The LIA was established in 2006 after Libya was welcomed back into the international fold. Until the recent violence in Libya, it was feted by a number of leading politicians, including Tony Blair and Silvio Berlusconi. Prince Andrew, who acts as a roving trade ambassador for the UK, met Colonel Gaddafi three times between August 2008 and February 2009 and his son Saif al-Islam twice. The meeting between Prince Andrew and Saif in October 2007 took place at Buckingham Palace. Buckingham Palace yesterday stressed that the meetings were in line with government policy at the time.
The EU failure to act against the LIA was put into sharper focus on Thursday when US Treasury Secretary Timothy Geithner said the Americans had seized assets, including those owned by the sovereign wealth fund, worth $32bn. President Obama described the action as the "most rapid and forceful set of sanctions that have ever been applied internationally".
Several European administrations responded to President Obama's comments by stepping up their efforts against the Gaddafi regime. In Vienna, the Austrian Central Bank extended the country's freeze list to include Mustafa Zarti. Crucially, Mr Zarti, who holds an Austrian passport and was not on the original EU list, is the deputy head of the LIA. Officials at the Austrian Central Bank described Mr Zarti as, "a close confidant of the Libyan regime" and his addition to the freeze list came after he was questioned by police about links to Gaddafi's regime.
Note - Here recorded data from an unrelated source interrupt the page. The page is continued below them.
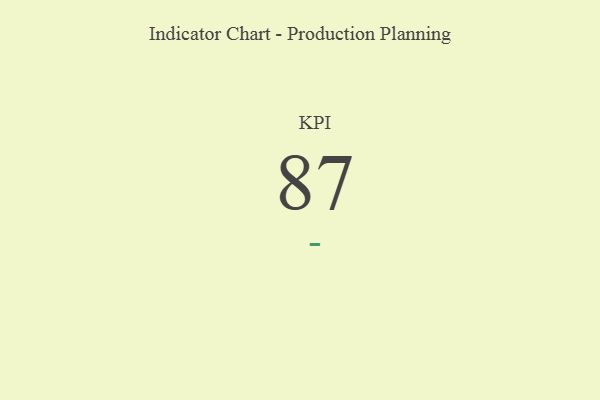
{"axis": {"x": "KPI", "y": "Value"}, "legend": [""], "data": [{"x": "KPI", "y": 87, "type": ""}]}
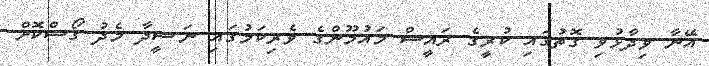
އޭނާ ވިދާޅުވި ގޮތުގައި ކުރީގެ ރައީސް މައުމޫންގެ ވެރިކަމުގައި ނަޝީދާ މެދު ގޯސްކޮށް
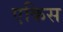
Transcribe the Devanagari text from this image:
एकिस
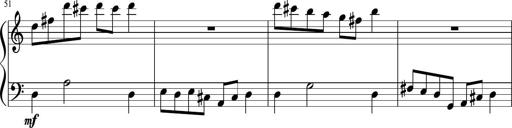
Title: Sonatine Nr.1 in C-Dur
Composer: DÃ©sirÃ©e Manns
Key: C major
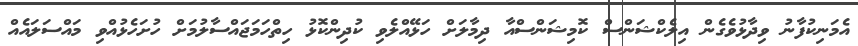
އެމަނިކުފާނު ވިދާާޅުވެގެން އިލެކްޝަންސް ކޮމިޝަންސްއާ ދިމާލަށް ހަޅޭއްލެވި ކުދިންކޮޅު ހިތްހަމަޖައްސާލުމަށް ހުށަހެޅުއްވި މައްސަލައެއް
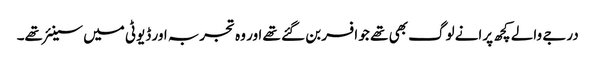
درجے والے کچھ پرانے لوگ بھی تھے جو افسر بن گئے تھے اور وہ تجربہ اور ڈیوٹی میں سینئر تھے۔
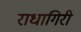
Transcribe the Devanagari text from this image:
राधागिरी
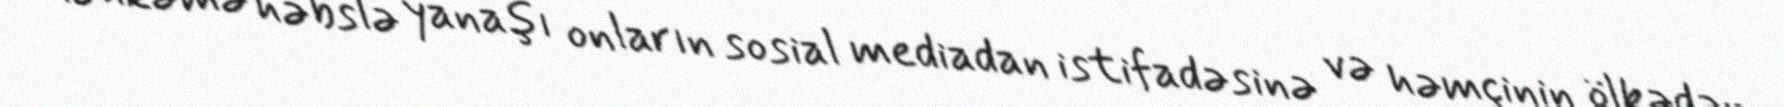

The move against Mr Zarti – who is a close friend of Saif, puts further pressure on Circle Oil, an Irish exploration company listed on the London Stock Exchange. Nearly a fifth of Circle's shares are owned by Libya Oil Holdings, a state-owned division of the LIA.
The Irish Finance Department yesterday said: "The fact that these Statutory Instruments are not yet in place does not effect the obligation to freeze assets under the EU Regulation." The company said it was, "seeking to comply [with the regulation], following due process and taking legal advice".
Circle Oil's position differs from Pearson, the FTSE 100 publishing group that owns the Financial Times. On Monday, the group confessed that the LIA's three per cent stake was "abhorrent". A day later, Pearson froze the LIA's shares, but refused to be drawn on why. Yesterday, a spokesman refused to discuss any link Pearson's lawyers had found between the LIA and those named on the freeze order.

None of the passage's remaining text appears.